Кто-то из знакомых отсидевших рассказывал о своем опыте, о кинутом под ноги полотенце, но сейчас ничего такого нет и в помине. Неосознанно дернулись желваки на щеках, заныла ушибленная челюсть. Лазерные прицелы ощупывали каждый сантиметр, оценивали каждое движение.
Человек спрыгнул с верхней кровати и подошел ко мне, слегка раскачиваясь при ходьбе, как моряк, что сошел на берег после долгого плавания.
— Чё молчишь? Или ты утка засланная, ушкарь зачморенный? Тогда расстилайся у параши, места хватит! Чё вылупился, пассажирка? — прокричал мне в лицо зачинщик разговора.

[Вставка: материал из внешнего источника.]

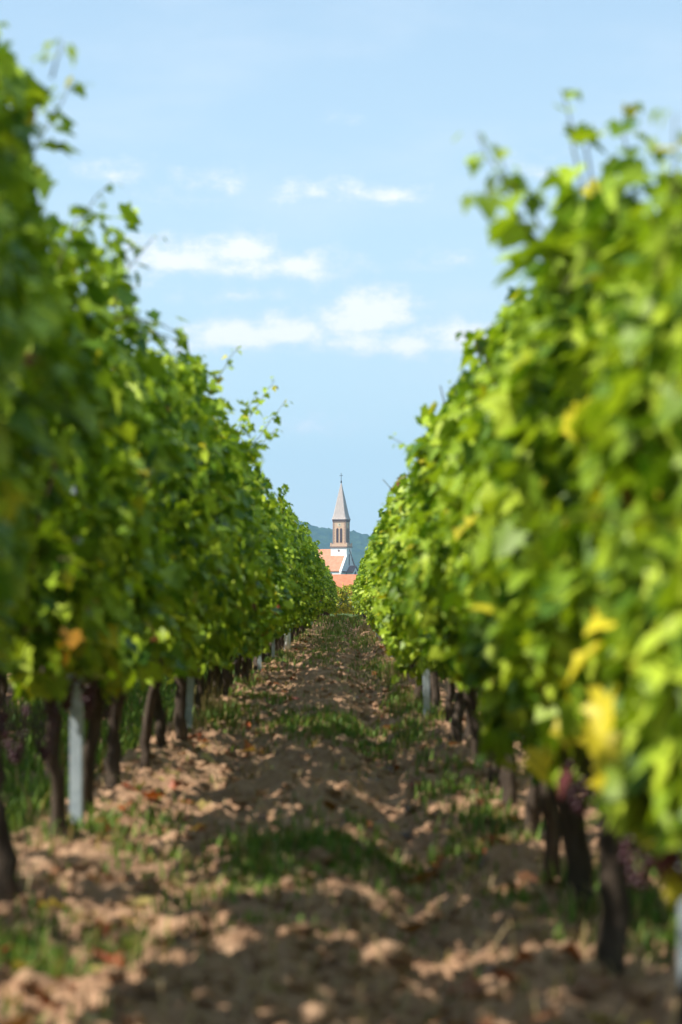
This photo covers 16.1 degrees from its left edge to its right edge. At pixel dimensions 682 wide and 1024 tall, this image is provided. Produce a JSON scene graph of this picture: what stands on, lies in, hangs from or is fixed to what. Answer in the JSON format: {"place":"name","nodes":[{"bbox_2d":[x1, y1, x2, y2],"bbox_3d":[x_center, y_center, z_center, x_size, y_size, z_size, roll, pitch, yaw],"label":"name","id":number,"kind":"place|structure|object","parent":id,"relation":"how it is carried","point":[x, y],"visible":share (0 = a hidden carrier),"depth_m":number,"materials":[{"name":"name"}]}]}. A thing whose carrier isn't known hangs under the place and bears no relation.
{"place":"outdoors","nodes":[
{"label":"outdoors","id":0,"kind":"place"},
{"bbox_2d":[294,520,370,573],"bbox_3d":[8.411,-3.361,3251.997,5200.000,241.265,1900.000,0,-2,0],"label":"hills","id":1,"kind":"structure","parent":0,"point":[358,541],"depth_m":3210.65,"materials":[{"name":"blue"}]},
{"bbox_2d":[0,612,677,1023],"bbox_3d":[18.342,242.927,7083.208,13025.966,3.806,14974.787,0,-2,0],"label":"ground","id":2,"kind":"structure","parent":0,"point":[274,778],"depth_m":7.65,"materials":[{"name":"soil"}]},
{"bbox_2d":[0,675,7,706],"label":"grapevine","id":3,"kind":"object","parent":2,"relation":"on","point":[3,691],"depth_m":19.13,"materials":[{"name":"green plant"}]},
{"bbox_2d":[0,101,34,601],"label":"grapevine","id":4,"kind":"object","parent":2,"relation":"on","point":[9,177],"visible":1,"depth_m":3.88,"materials":[{"name":"green plant"}]},
{"bbox_2d":[0,22,94,755],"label":"grapevine","id":5,"kind":"object","parent":2,"relation":"on","point":[29,92],"visible":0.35,"depth_m":6.23,"materials":[{"name":"green plant"}]},
{"bbox_2d":[0,72,102,590],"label":"grapevine","id":6,"kind":"object","parent":2,"relation":"on","point":[23,316],"visible":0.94,"depth_m":5.03,"materials":[{"name":"green plant"}]},
{"bbox_2d":[0,183,145,902],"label":"grapevine","id":7,"kind":"object","parent":2,"relation":"on","point":[68,568],"visible":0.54,"depth_m":7.48,"materials":[{"name":"green plant"}]},
{"bbox_2d":[68,485,84,828],"bbox_3d":[-0.977,0.390,8.944,0.062,1.870,0.032,0,-2,7],"label":"trellis post","id":8,"kind":"object","parent":2,"relation":"on","point":[76,768],"visible":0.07,"depth_m":8.91,"materials":[{"name":"metal"}]},
{"bbox_2d":[5,201,192,837],"bbox_3d":[-1.030,0.022,8.617,1.015,2.365,1.569,0,-2,0],"label":"grapevine","id":9,"kind":"object","parent":2,"relation":"on","point":[112,632],"visible":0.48,"depth_m":8.44,"materials":[{"name":"green plant"}]},
{"bbox_2d":[8,439,193,813],"bbox_3d":[-1.024,0.403,9.794,0.874,1.875,1.563,0,-2,0],"label":"grapevine","id":10,"kind":"object","parent":2,"relation":"on","point":[173,574],"visible":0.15,"depth_m":9.67,"materials":[{"name":"green plant"}]},
{"bbox_2d":[65,307,229,788],"bbox_3d":[-0.995,0.184,10.986,1.003,2.301,1.527,0,-2,0],"label":"grapevine","id":11,"kind":"object","parent":2,"relation":"on","point":[174,387],"visible":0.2,"depth_m":11.07,"materials":[{"name":"green plant"}]},
{"bbox_2d":[103,347,256,770],"bbox_3d":[-0.951,0.269,12.205,1.068,2.196,1.562,0,-2,0],"label":"grapevine","id":12,"kind":"object","parent":2,"relation":"on","point":[210,566],"visible":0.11,"depth_m":11.90,"materials":[{"name":"green plant"}]},
{"bbox_2d":[185,677,193,727],"bbox_3d":[-0.950,0.613,15.694,0.062,1.870,0.032,3,-2,-5],"label":"trellis post","id":13,"kind":"object","parent":2,"relation":"on","point":[189,696],"depth_m":15.65,"materials":[{"name":"metal"}]},
{"bbox_2d":[130,346,268,748],"bbox_3d":[-1.001,0.262,13.394,1.201,2.274,1.555,0,-2,0],"label":"grapevine","id":14,"kind":"object","parent":2,"relation":"on","point":[225,638],"visible":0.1,"depth_m":13.35,"materials":[{"name":"green plant"}]},
{"bbox_2d":[138,346,267,741],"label":"grapevine","id":15,"kind":"object","parent":2,"relation":"on","point":[198,367],"visible":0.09,"depth_m":14.57,"materials":[{"name":"green plant"}]},
{"bbox_2d":[185,400,255,713],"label":"grapevine","id":16,"kind":"object","parent":2,"relation":"on","point":[239,545],"depth_m":15.78,"materials":[{"name":"green plant"}]},
{"bbox_2d":[206,520,248,701],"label":"grapevine","id":17,"kind":"object","parent":2,"relation":"on","point":[229,667],"visible":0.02,"depth_m":19.31,"materials":[{"name":"brown plant"}]},
{"bbox_2d":[193,426,275,719],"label":"grapevine","id":18,"kind":"object","parent":2,"relation":"on","point":[267,592],"visible":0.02,"depth_m":17.10,"materials":[{"name":"green plant"}]},
{"bbox_2d":[221,526,272,694],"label":"grapevine","id":19,"kind":"object","parent":2,"relation":"on","point":[227,680],"depth_m":21.74,"materials":[{"name":"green plant"}]},
{"bbox_2d":[203,376,292,705],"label":"grapevine","id":20,"kind":"object","parent":2,"relation":"on","point":[244,418],"visible":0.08,"depth_m":18.39,"materials":[{"name":"green plant"}]},
{"bbox_2d":[213,477,294,697],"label":"grapevine","id":21,"kind":"object","parent":2,"relation":"on","point":[267,631],"visible":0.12,"depth_m":20.48,"materials":[{"name":"green plant"}]},
{"bbox_2d":[229,463,287,688],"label":"grapevine","id":22,"kind":"object","parent":2,"relation":"on","point":[271,503],"visible":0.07,"depth_m":23.02,"materials":[{"name":"green plant"}]},
{"bbox_2d":[258,650,261,671],"bbox_3d":[-0.975,1.148,28.980,0.062,1.870,0.032,0,-2,-6],"label":"trellis post","id":23,"kind":"object","parent":2,"relation":"on","point":[260,662],"depth_m":28.94,"materials":[{"name":"metal"}]},
{"bbox_2d":[241,474,283,683],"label":"grapevine","id":24,"kind":"object","parent":2,"relation":"on","point":[244,669],"visible":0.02,"depth_m":24.06,"materials":[{"name":"green plant"}]},
{"bbox_2d":[234,526,305,679],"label":"grapevine","id":25,"kind":"object","parent":2,"relation":"on","point":[238,661],"visible":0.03,"depth_m":25.33,"materials":[{"name":"green plant"}]},
{"bbox_2d":[250,551,289,670],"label":"grapevine","id":26,"kind":"object","parent":2,"relation":"on","point":[288,580],"depth_m":27.79,"materials":[{"name":"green plant"}]},
{"bbox_2d":[249,520,292,672],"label":"grapevine","id":27,"kind":"object","parent":2,"relation":"on","point":[284,557],"visible":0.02,"depth_m":26.52,"materials":[{"name":"green plant"}]},
{"bbox_2d":[253,507,293,663],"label":"grapevine","id":28,"kind":"object","parent":2,"relation":"on","point":[285,548],"depth_m":30.46,"materials":[{"name":"green plant"}]},
{"bbox_2d":[272,639,274,657],"bbox_3d":[-0.952,1.302,33.978,0.062,1.870,0.032,0,-2,-2],"label":"trellis post","id":29,"kind":"object","parent":2,"relation":"on","point":[273,649],"depth_m":33.94,"materials":[{"name":"metal"}]},
{"bbox_2d":[264,510,293,659],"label":"grapevine","id":30,"kind":"object","parent":2,"relation":"on","point":[286,527],"visible":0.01,"depth_m":32.71,"materials":[{"name":"green plant"}]},
{"bbox_2d":[253,522,310,669],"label":"grapevine","id":31,"kind":"object","parent":2,"relation":"on","point":[294,616],"visible":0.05,"depth_m":29.02,"materials":[{"name":"green plant"}]},
{"bbox_2d":[262,539,305,661],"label":"grapevine","id":32,"kind":"object","parent":2,"relation":"on","point":[293,555],"visible":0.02,"depth_m":31.42,"materials":[{"name":"green plant"}]},
{"bbox_2d":[269,483,302,657],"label":"grapevine","id":33,"kind":"object","parent":2,"relation":"on","point":[281,500],"visible":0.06,"depth_m":33.93,"materials":[{"name":"green plant"}]},
{"bbox_2d":[284,629,290,649],"bbox_3d":[-0.896,2.122,39.953,0.124,0.470,0.124,0,-2,0],"label":"grow tube","id":34,"kind":"object","parent":2,"relation":"on","point":[287,640],"visible":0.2,"depth_m":39.90,"materials":[{"name":"white plastic"}]},
{"bbox_2d":[275,548,305,651],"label":"grapevine","id":35,"kind":"object","parent":2,"relation":"on","point":[276,639],"visible":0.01,"depth_m":36.30,"materials":[{"name":"green plant"}]},
{"bbox_2d":[280,568,306,649],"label":"grapevine","id":36,"kind":"object","parent":2,"relation":"on","point":[282,640],"depth_m":38.71,"materials":[{"name":"brown plant"}]},
{"bbox_2d":[277,516,311,649],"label":"grapevine","id":37,"kind":"object","parent":2,"relation":"on","point":[305,567],"visible":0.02,"depth_m":37.54,"materials":[{"name":"green plant"}]},
{"bbox_2d":[270,502,319,649],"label":"grapevine","id":38,"kind":"object","parent":2,"relation":"on","point":[305,558],"visible":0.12,"depth_m":35.09,"materials":[{"name":"green plant"}]},
{"bbox_2d":[291,565,320,640],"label":"grapevine","id":39,"kind":"object","parent":2,"relation":"on","point":[293,630],"visible":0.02,"depth_m":46.01,"materials":[{"name":"green plant"}]},
{"bbox_2d":[305,596,312,612],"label":"grapevine","id":40,"kind":"object","parent":2,"relation":"on","point":[308,603],"depth_m":42.51,"materials":[{"name":"green plant"}]},
{"bbox_2d":[295,535,323,631],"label":"grapevine","id":41,"kind":"object","parent":2,"relation":"on","point":[308,624],"visible":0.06,"depth_m":41.18,"materials":[{"name":"green plant"}]},
{"bbox_2d":[294,564,328,636],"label":"grapevine","id":42,"kind":"object","parent":2,"relation":"on","point":[317,590],"visible":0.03,"depth_m":49.56,"materials":[{"name":"green plant"}]},
{"bbox_2d":[298,521,324,635],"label":"grapevine","id":43,"kind":"object","parent":2,"relation":"on","point":[307,530],"visible":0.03,"depth_m":51.94,"materials":[{"name":"green plant"}]},
{"bbox_2d":[299,542,325,633],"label":"grapevine","id":44,"kind":"object","parent":2,"relation":"on","point":[302,627],"visible":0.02,"depth_m":54.35,"materials":[{"name":"green plant"}]},
{"bbox_2d":[303,540,327,621],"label":"grapevine","id":45,"kind":"object","parent":2,"relation":"on","point":[316,609],"visible":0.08,"depth_m":50.67,"materials":[{"name":"green plant"}]},
{"bbox_2d":[307,576,326,627],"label":"grapevine","id":46,"kind":"object","parent":2,"relation":"on","point":[325,588],"visible":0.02,"depth_m":61.48,"materials":[{"name":"green plant"}]},
{"bbox_2d":[314,540,327,610],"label":"grapevine","id":47,"kind":"object","parent":2,"relation":"on","point":[321,552],"visible":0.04,"depth_m":67.62,"materials":[{"name":"green plant"}]},
{"bbox_2d":[314,570,330,621],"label":"grapevine","id":48,"kind":"object","parent":2,"relation":"on","point":[327,604],"visible":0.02,"depth_m":77.04,"materials":[{"name":"green plant"}]},
{"bbox_2d":[316,559,332,620],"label":"grapevine","id":49,"kind":"object","parent":2,"relation":"on","point":[330,587],"visible":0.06,"depth_m":80.67,"materials":[{"name":"green plant"}]},
{"bbox_2d":[0,634,654,1023],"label":"fallen leaves","id":50,"kind":"object","parent":2,"relation":"on","point":[472,980],"visible":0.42,"depth_m":7.27,"materials":[{"name":"brown plant"}]},
{"bbox_2d":[326,578,334,609],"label":"grapevine","id":51,"kind":"object","parent":2,"relation":"on","point":[332,601],"visible":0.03,"depth_m":93.73,"materials":[{"name":"green plant"}]},
{"bbox_2d":[328,570,335,609],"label":"grapevine","id":52,"kind":"object","parent":2,"relation":"on","point":[332,585],"visible":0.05,"depth_m":100.96,"materials":[{"name":"green plant"}]},
{"bbox_2d":[318,475,357,573],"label":"church","id":53,"kind":"structure","parent":2,"relation":"on","point":[337,557],"depth_m":847.94,"materials":[{"name":"ceramic"}]},
{"bbox_2d":[336,527,338,542],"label":"belfry window","id":54,"kind":"structure","parent":53,"relation":"in","point":[337,530],"depth_m":848.00,"materials":[{"name":"stone"}]},
{"bbox_2d":[339,528,342,542],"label":"belfry window","id":55,"kind":"structure","parent":53,"relation":"in","point":[340,530],"depth_m":847.79,"materials":[{"name":"stone"}]},
{"bbox_2d":[0,635,677,1023],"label":"soil clods","id":56,"kind":"object","parent":2,"relation":"on","point":[396,953],"visible":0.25,"depth_m":6.28,"materials":[{"name":"brown soil"}]},
{"bbox_2d":[333,582,347,615],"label":"grapevine","id":57,"kind":"object","parent":2,"relation":"on","point":[341,608],"visible":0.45,"depth_m":173.65,"materials":[{"name":"green plant"}]},
{"bbox_2d":[332,574,357,604],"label":"village house","id":58,"kind":"structure","parent":2,"relation":"on","point":[345,579],"depth_m":498.36,"materials":[{"name":"orange tile"}]},
{"bbox_2d":[341,584,354,616],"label":"grapevine","id":59,"kind":"object","parent":2,"relation":"on","point":[347,593],"visible":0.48,"depth_m":173.70,"materials":[{"name":"green plant"}]},
{"bbox_2d":[354,560,361,612],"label":"grapevine","id":60,"kind":"object","parent":2,"relation":"on","point":[358,586],"visible":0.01,"depth_m":76.27,"materials":[{"name":"green plant"}]},
{"bbox_2d":[354,558,363,614],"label":"grapevine","id":61,"kind":"object","parent":2,"relation":"on","point":[357,598],"visible":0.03,"depth_m":72.71,"materials":[{"name":"green plant"}]},
{"bbox_2d":[357,567,365,589],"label":"grapevine","id":62,"kind":"object","parent":2,"relation":"on","point":[359,575],"depth_m":53.52,"materials":[{"name":"green plant"}]},
{"bbox_2d":[359,547,367,577],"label":"grapevine","id":63,"kind":"object","parent":2,"relation":"on","point":[363,560],"visible":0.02,"depth_m":60.73,"materials":[{"name":"green plant"}]},
{"bbox_2d":[360,546,368,614],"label":"grapevine","id":64,"kind":"object","parent":2,"relation":"on","point":[365,573],"depth_m":49.64,"materials":[{"name":"green plant"}]},
{"bbox_2d":[359,549,374,631],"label":"grapevine","id":65,"kind":"object","parent":2,"relation":"on","point":[361,593],"visible":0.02,"depth_m":42.78,"materials":[{"name":"green plant"}]},
{"bbox_2d":[361,566,372,617],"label":"grapevine","id":66,"kind":"object","parent":2,"relation":"on","point":[365,591],"depth_m":41.54,"materials":[{"name":"green plant"}]},
{"bbox_2d":[358,549,382,641],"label":"grapevine","id":67,"kind":"object","parent":2,"relation":"on","point":[362,582],"visible":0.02,"depth_m":43.74,"materials":[{"name":"green plant"}]},
{"bbox_2d":[364,534,381,637],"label":"grapevine","id":68,"kind":"object","parent":2,"relation":"on","point":[368,556],"visible":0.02,"depth_m":34.39,"materials":[{"name":"green plant"}]},
{"bbox_2d":[367,565,380,632],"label":"grapevine","id":69,"kind":"object","parent":2,"relation":"on","point":[372,574],"depth_m":30.59,"materials":[{"name":"green plant"}]},
{"bbox_2d":[362,553,386,650],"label":"grapevine","id":70,"kind":"object","parent":2,"relation":"on","point":[369,599],"visible":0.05,"depth_m":37.97,"materials":[{"name":"green plant"}]},
{"bbox_2d":[368,543,380,635],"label":"grapevine","id":71,"kind":"object","parent":2,"relation":"on","point":[373,609],"visible":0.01,"depth_m":33.02,"materials":[{"name":"green plant"}]},
{"bbox_2d":[365,508,384,619],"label":"grapevine","id":72,"kind":"object","parent":2,"relation":"on","point":[380,513],"visible":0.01,"depth_m":35.56,"materials":[{"name":"green plant"}]},
{"bbox_2d":[366,500,387,636],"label":"grapevine","id":73,"kind":"object","parent":2,"relation":"on","point":[371,558],"depth_m":27.07,"materials":[{"name":"green plant"}]},
{"bbox_2d":[374,579,380,588],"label":"grapevine","id":74,"kind":"object","parent":2,"relation":"on","point":[379,584],"depth_m":29.61,"materials":[{"name":"green plant"}]},
{"bbox_2d":[367,479,414,684],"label":"grapevine","id":75,"kind":"object","parent":2,"relation":"on","point":[371,542],"visible":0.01,"depth_m":23.64,"materials":[{"name":"green plant"}]},
{"bbox_2d":[368,539,414,692],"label":"grapevine","id":76,"kind":"object","parent":2,"relation":"on","point":[378,576],"depth_m":22.30,"materials":[{"name":"green plant"}]},
{"bbox_2d":[370,497,413,665],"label":"grapevine","id":77,"kind":"object","parent":2,"relation":"on","point":[375,602],"visible":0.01,"depth_m":21.28,"materials":[{"name":"green plant"}]},
{"bbox_2d":[365,472,422,698],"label":"grapevine","id":78,"kind":"object","parent":2,"relation":"on","point":[383,554],"visible":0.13,"depth_m":19.58,"materials":[{"name":"green plant"}]},
{"bbox_2d":[381,486,442,716],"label":"grapevine","id":79,"kind":"object","parent":2,"relation":"on","point":[436,693],"depth_m":17.67,"materials":[{"name":"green plant"}]},
{"bbox_2d":[387,521,446,702],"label":"grapevine","id":80,"kind":"object","parent":2,"relation":"on","point":[408,659],"visible":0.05,"depth_m":18.73,"materials":[{"name":"green plant"}]},
{"bbox_2d":[388,437,455,721],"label":"grapevine","id":81,"kind":"object","parent":2,"relation":"on","point":[401,560],"visible":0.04,"depth_m":16.52,"materials":[{"name":"green plant"}]},
{"bbox_2d":[382,434,464,744],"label":"grapevine","id":82,"kind":"object","parent":2,"relation":"on","point":[424,664],"visible":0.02,"depth_m":15.20,"materials":[{"name":"green plant"}]},
{"bbox_2d":[423,668,429,716],"bbox_3d":[0.599,0.738,17.282,0.063,1.870,0.032,-1,-2,-5],"label":"trellis post","id":83,"kind":"object","parent":2,"relation":"on","point":[426,691],"depth_m":17.25,"materials":[{"name":"metal"}]},
{"bbox_2d":[381,433,478,747],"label":"grapevine","id":84,"kind":"object","parent":2,"relation":"on","point":[396,591],"visible":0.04,"depth_m":13.99,"materials":[{"name":"green plant"}]},
{"bbox_2d":[394,380,480,761],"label":"grapevine","id":85,"kind":"object","parent":2,"relation":"on","point":[428,417],"visible":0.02,"depth_m":12.83,"materials":[{"name":"green plant"}]},
{"bbox_2d":[403,398,500,783],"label":"grapevine","id":86,"kind":"object","parent":2,"relation":"on","point":[428,456],"visible":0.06,"depth_m":11.67,"materials":[{"name":"green plant"}]},
{"bbox_2d":[402,368,540,837],"bbox_3d":[0.696,0.388,9.271,0.910,1.884,1.570,0,-2,0],"label":"grapevine","id":87,"kind":"object","parent":2,"relation":"on","point":[422,592],"visible":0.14,"depth_m":9.37,"materials":[{"name":"green plant"}]},
{"bbox_2d":[426,321,517,808],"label":"grapevine","id":88,"kind":"object","parent":2,"relation":"on","point":[508,781],"visible":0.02,"depth_m":10.46,"materials":[{"name":"green plant"}]},
{"bbox_2d":[435,286,590,878],"bbox_3d":[0.691,0.249,8.057,0.751,2.098,1.562,0,-2,0],"label":"grapevine","id":89,"kind":"object","parent":2,"relation":"on","point":[476,436],"visible":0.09,"depth_m":7.96,"materials":[{"name":"green plant"}]},
{"bbox_2d":[440,260,597,913],"bbox_3d":[0.720,0.226,6.877,0.872,1.963,1.567,0,-2,0],"label":"grapevine","id":90,"kind":"object","parent":2,"relation":"on","point":[505,714],"visible":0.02,"depth_m":6.82,"materials":[{"name":"green plant"}]},
{"bbox_2d":[452,88,681,976],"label":"grapevine","id":91,"kind":"object","parent":2,"relation":"on","point":[542,386],"visible":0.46,"depth_m":5.53,"materials":[{"name":"green plant"}]},
{"bbox_2d":[534,108,681,1023],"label":"grapevine","id":92,"kind":"object","parent":2,"relation":"on","point":[629,481],"visible":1,"depth_m":4.29,"materials":[{"name":"green plant"}]},
{"bbox_2d":[675,376,681,989],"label":"trellis post","id":93,"kind":"object","parent":2,"relation":"on","point":[679,912],"depth_m":4.98,"materials":[{"name":"metal"}]},
{"bbox_2d":[0,614,677,1023],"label":"grass","id":94,"kind":"structure","parent":0,"point":[252,858],"depth_m":8.38,"materials":[{"name":"green plant"}]},
{"bbox_2d":[0,0,681,535],"label":"sky","id":95,"kind":"structure","parent":0,"point":[303,177],"materials":[{"name":"blue"}]}
]}

— Ослабь, Жмырь! Не видишь — первоходка прилип! — произнес человек, до этого скрывавшийся за шторкой.
Он показался весь, разрисованный синим от шеи и до пояса. Из-под коротких шорт на свет выглядывали очередные наколки. Короткий ежик волос, лохматые брови, набрякшие мешки под колючими глазами, синева выбритых щек. Ему тут же протянули кружку, мужчина немного отпил.
— Представляться не учили? — он снова отхлебнул темно-коричневой жидкости.
— Александр Алешин, здравствуйте, — хоть что-то прояснилось.
— Садись за дубок, Александр Алешин, если ты греха за собой не чуешь. Не притащил за пазухой грязи? — взгляд острых глаз заставил поежиться, как от пробежавшего сквозняка.
— Нет, ничего такого серьезного, а что вы понимаете под словом «грех»? — я подошел к столу.